Weekend hobby turns into full-time agribusiness operation for Camp Aquila Pure Maple Syrup
Stu and Corinne Peterson's Camp Aquila Pure Maple Syrup is sold in 30 stores in Minnesota and has been honored locally and nationally.
DENT, Minn. — What was a weekend hobby turned into a thriving agribusiness for Stu and Corinne Peterson near Dent. For the past 22 years, they have harvested maple sap from trees on their property on Star Lake and turned it into Camp Aquila Pure Maple Syrup .
“We’re small peanuts compared to the big producers. There’s so much technology you can purchase, there’s so much efficiencies," Stu Peterson said. "We’re pretty labor intensive the way we do it, and so we can do it sized for my wife and I, and the kids when they show up, when the sap is running.”
Camp Aquila was a boys camp from the 1950s through the 1970s. Growing up in St. Paul, Stu Peterson had a childhood friend who attended the camp each summer, but he never visited until he was 19 years old. In 1983, Stu and his wife had the opportunity to purchase the property on contract for deed. For 20 years, they were weekenders, coming up from the Twin Cities to rural Ottertail County. The intention was always to keep the land whole, not breaking it up for development.
In 2000, the Petersons started tapping the sugar maples across the 120 wooded acres for sap. They built their full-time home on the property in 2004 and started what Stu calls “our own little food company.”
Stu wasn’t raised on a farm, but his father was an agriculture professor at the University of Minnesota.
“I grew three blocks from the St. Paul ‘farm campus,’ as we called it back in the day. My dad was an ag teacher, and that was my view of the world. The family farm was still owned by my dad and my aunt out in Waconia. As a little kid, I was peddling eggs, door to door, on the weekend, out in Waconia. I’ve just always in been in agribusiness and then got an ag economic/ ag business degree,” he said.
Stu's upbringing and education led him to a career in ag finance.
“For 40 years, I critiqued, advised and analyzed small agribusinesses and some very large ones. To sit on one side of the desk and then try to start up my own, you can relate," he said. "A number of my former customers in my other life were the sugarbeet operations. And so they’ve got their big factory, we’ve got our little factory. They harvest in the fall, we harvest in the spring.”

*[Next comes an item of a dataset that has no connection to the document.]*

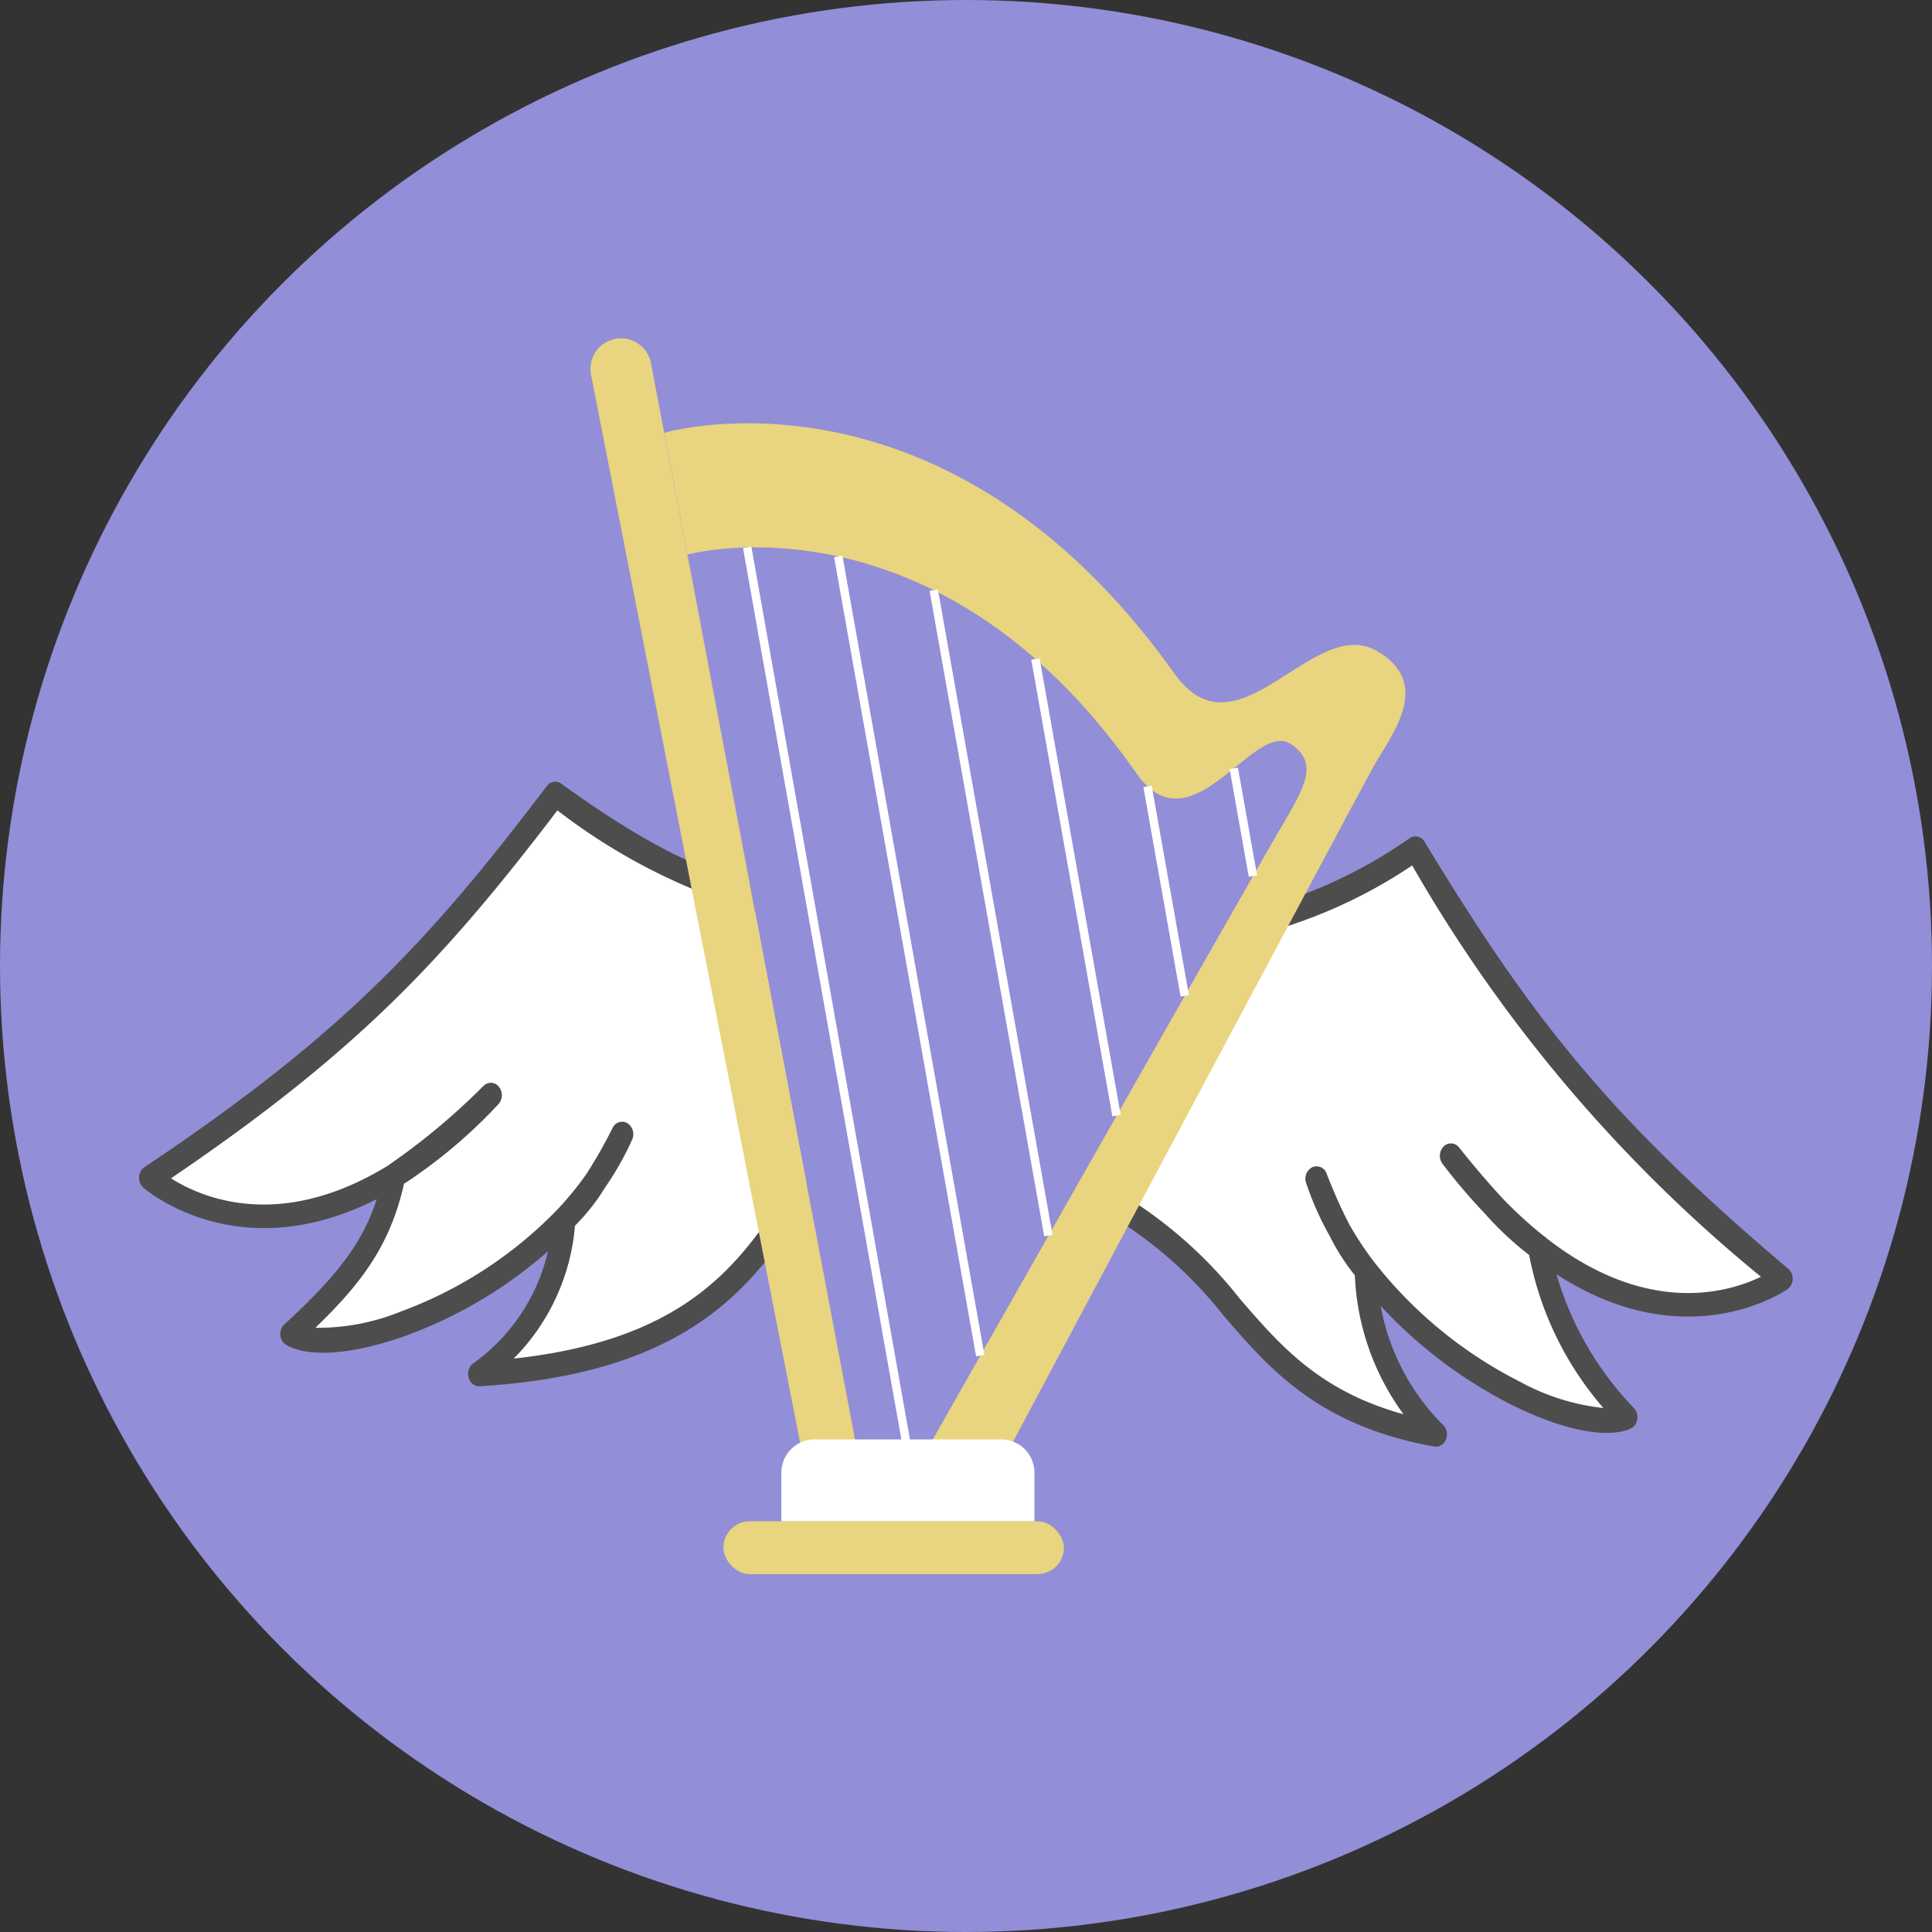 <svg xmlns="http://www.w3.org/2000/svg" width="100" height="100" viewBox="0 0 100 100"><rect x="0" y="0" width="100" height="100" fill="#333333" stroke="none"/><defs><style>.a{fill:#928ed8;}.b{fill:#fff;}.c{fill:#4d4d4d;}.d{fill:#e9d47f;}</style></defs><g transform="translate(-289.338 -1109.587)"><g transform="translate(289.338 1109.587)"><ellipse class="a" cx="50" cy="50" rx="50" ry="50" transform="translate(0 0)"></ellipse></g><g transform="translate(296.542 1127.095)"><g transform="translate(0 22.946)"><path class="b" d="M-678.555,811.736c-10.315,10.908-17.6,4.277-17.6,4.277,10.2-6.834,14.728-11.663,20.932-19.86a32.038,32.038,0,0,0,8.806,4.9s11.906,5.362,27.767,1.648a25.55,25.55,0,0,0,7.878-3.717c5.389,8.895,9.436,14.239,18.924,22.256,0,0-7.873,5.719-17.091-6.363,0,0,2.862,3.667,4.551,4.733a16.924,16.924,0,0,0,4.517,8.8c-2.775,1.212-13.228-3.933-16.015-12.339a18.224,18.224,0,0,0,2.541,4.722,12.4,12.4,0,0,0,3.63,8.508c-9.343-1.7-9.682-7.7-15.964-11.523-10.891-6.621-17.731.253-17.731.253-2.774,4.126-6.3,7.57-15.747,8.14a10.733,10.733,0,0,0,4.419-8.024c1.346-1.066,2.975-4.39,2.975-4.39-3.571,8.024-14.453,11.885-17.1,10.349,3.162-2.9,4.641-4.9,5.328-8.206A35,35,0,0,0-678.555,811.736Z" transform="translate(696.797 -795.51)"></path><path class="c" d="M-629.781,829.832a.554.554,0,0,1-.092-.009c-5.98-1.087-8.473-3.967-10.882-6.752a21.9,21.9,0,0,0-5.29-4.84c-10.093-6.125-16.454-.455-17.066.129-2.517,3.725-6.068,7.732-16.163,8.34a.562.562,0,0,1-.571-.426.689.689,0,0,1,.2-.735,9.835,9.835,0,0,0,3.9-5.824,23.184,23.184,0,0,1-7.246,4.329c-2.765,1.01-5.119,1.2-6.3.521a.647.647,0,0,1-.307-.5.684.684,0,0,1,.207-.565c2.745-2.509,4.067-4.256,4.784-6.487-7.214,3.677-12.029-.548-12.09-.6a.676.676,0,0,1-.211-.545.653.653,0,0,1,.278-.506c10.194-6.822,14.663-11.6,20.824-19.726a.531.531,0,0,1,.747-.124c4.359,3.149,6.831,4.2,8.674,4.822a46.994,46.994,0,0,0,27.531,1.635,25.015,25.015,0,0,0,7.709-3.635.536.536,0,0,1,.773.186c5.352,8.817,9.34,14.1,18.825,22.1a.672.672,0,0,1,.228.536.659.659,0,0,1-.262.517c-.065.048-5.2,3.634-11.965-.771a16.72,16.72,0,0,0,4.025,6.947.694.694,0,0,1,.153.586.627.627,0,0,1-.353.464c-1.237.537-3.557.063-6.211-1.271a23.99,23.99,0,0,1-6.714-5.087,11.634,11.634,0,0,0,3.242,6.174.7.7,0,0,1,.132.755A.573.573,0,0,1-629.781,829.832Zm-25.2-15.665A18.176,18.176,0,0,1-645.5,817.1a22.836,22.836,0,0,1,5.567,5.075c2.116,2.446,4.128,4.772,8.47,5.976a13.079,13.079,0,0,1-2.518-7.192,11.177,11.177,0,0,1-1.291-2.015,15.78,15.78,0,0,1-1.23-2.762.668.668,0,0,1,.327-.823.556.556,0,0,1,.74.351,26.1,26.1,0,0,0,1.159,2.6A17.036,17.036,0,0,0-633,820.246l.028.036a22.433,22.433,0,0,0,7.513,6.172,11.529,11.529,0,0,0,4.341,1.372,16.9,16.9,0,0,1-3.84-7.917,16.437,16.437,0,0,1-2.272-2.122,30.7,30.7,0,0,1-2.215-2.6.7.7,0,0,1,.06-.9.532.532,0,0,1,.806.063c.018.022,1.085,1.382,2.273,2.657a21.933,21.933,0,0,0,2.1,1.915l.037.023a.582.582,0,0,1,.116.1c5.231,4.065,9.428,2.795,11.091,1.988a76.85,76.85,0,0,1-18.052-21.289,25.764,25.764,0,0,1-7.605,3.483,48.022,48.022,0,0,1-28.143-1.681,31.052,31.052,0,0,1-8.495-4.651c-5.923,7.774-10.393,12.523-20,19.044,1.575,1,5.628,2.765,11.216-.65a.624.624,0,0,1,.08-.058,34.642,34.642,0,0,0,4.874-4.073.531.531,0,0,1,.805.045.7.7,0,0,1-.03.9,26.4,26.4,0,0,1-4.383,3.784c-.167.118-.333.23-.5.333-.707,3.125-2.141,5.1-4.591,7.455a11.367,11.367,0,0,0,4.434-.846,21.692,21.692,0,0,0,8.056-5.235c.012-.013.023-.026.036-.038a16.514,16.514,0,0,0,1.513-1.853,25.645,25.645,0,0,0,1.341-2.361.544.544,0,0,1,.769-.26.682.682,0,0,1,.247.856,15.289,15.289,0,0,1-1.4,2.477,10.484,10.484,0,0,1-1.557,1.975,11.055,11.055,0,0,1-3.171,6.879c8.252-.9,11.215-4.3,13.524-7.732a.693.693,0,0,1,.076-.092A13.423,13.423,0,0,1-654.982,814.167Z" transform="translate(696.904 -795.403)"></path></g><g transform="translate(23.358)"><path class="d" d="M-658.7,774.252s14.5-4.284,26.4,12.463c3.271,4.6,7.172-3.1,10.494-1.163,2.945,1.713.687,4.4-.2,6s-19.011,35.609-19.011,35.609l-7.626.266Z" transform="translate(662.524 -769.361)"></path><path class="a" d="M-657.3,781.628s12.851-3.558,23.229,11.318c2.852,4.088,6.082-2.786,7.993-1.51,1.6,1.067.6,2.42-.893,4.985-1.747,3.009-18.181,31.967-18.181,31.967l-3.28.115Z" transform="translate(662.325 -770.433)"></path><rect class="b" width="0.437" height="47.889" transform="translate(7.898 10.866) rotate(-10.073)"></rect><rect class="b" width="0.437" height="42.015" transform="translate(12.612 11.332) rotate(-10.073)"></rect><rect class="b" width="0.437" height="33.93" transform="translate(17.553 13.08) rotate(-10.073)"></rect><rect class="b" width="0.437" height="24.008" transform="translate(22.816 16.639) rotate(-10.073)"></rect><rect class="b" width="0.437" height="11.007" transform="matrix(0.985, -0.175, 0.175, 0.985, 28.619, 23.234)"></rect><rect class="b" width="0.437" height="5.661" transform="translate(33.084 22.301) rotate(-10.074)"></rect><path class="d" d="M-649.272,826.7l-2.843.1-11.012-56.252a1.582,1.582,0,0,1,1.212-1.88h0a1.581,1.581,0,0,1,1.879,1.213Z" transform="translate(663.163 -768.627)"></path><path class="b" d="M1.72,0h9.655A1.72,1.72,0,0,1,13.1,1.72V4.239a0,0,0,0,1,0,0H0a0,0,0,0,1,0,0V1.72A1.72,1.72,0,0,1,1.72,0Z" transform="translate(9.881 56.997)"></path><rect class="d" width="17.623" height="2.735" rx="1.367" transform="translate(6.881 61.234)"></rect></g></g></g></svg>

The Petersons' maple syrup operation has continued to grow. This year they have collected and processed about 8,200 gallons of maple sap from 1,200 trees, which boils down to about 240 gallons of syrup. Last year, they produced over 300 gallons of maple syrup with 370 gallons being their largest year of production.
“Everything here is in balance. Corinne and I can handle it. We can process it and we can market it,” Stu said.
They sell every drop they produce across 30 stores mostly in Minnesota.
Starting in the maple business, the Peterson initially went through the U.S. Department of Agriculture organic certification program which he said “got us in the door” at retailers.
Is all maple syrup organic? “Well, not certified organic,” Stu explained.
“We’re no longer certified organic. We’re not doing anything differently if we were, except for the fact when you get out to the woods, when you pull a tap, you put a little spot of paint on the tree so you can find a new spot next year. The organic people didn’t like me using paint on the trees in the woods, which wasn’t a big deal, but it helps me when we go back to tap to find new, fresh wood,” he said.
“The year we had a crop failure, I had to buy outside syrup to keep my stores. We didn’t certify that organic. We told all the stores we couldn’t put that little green sticker on it. We would bottle it and supply them, and we were well enough established that we were locally produced not certified organic. Quality and reputation then led. I just didn’t want to pay for the (organic) inspection anymore, $300-400, so we gave that up and it didn’t make a bit of difference in the end.”
Stu said Minnesota has seen huge growth in collecting sap as a hobby over the last few years.
“Just people tapping five, 10, 15, 20 trees is just phenomenal. I couldn’t begin to estimate how many there are, especially in this area, a lot of maples, a lot of rural parcels,” he said.
New hobbyists among the Minnesota maple trees who use sound business practices may be able to turn their operations into agribusinesses like Camp Aquila Pure Maple Syrup as the Petersons have done. Their syrup has been honored in award competitions from the local level to the international level. That includes taking first place in the Light Amber category of the North American Maple Council.
“There’s something about the trees in Minnesota, the sugar maples, and our soils . Minnesota producers do very well in international competition,” Stu said.
The International Maple Conference returns to the region this year when the Wisconsin Maple Syrup Producers Association hosts October 26-29, 2022 in LaCrosse, Wis. https://wismaple.org/2022
The Petersons look forward to returning with their fellow Minnesota Maple Syrup Producers’ Association members to the international event.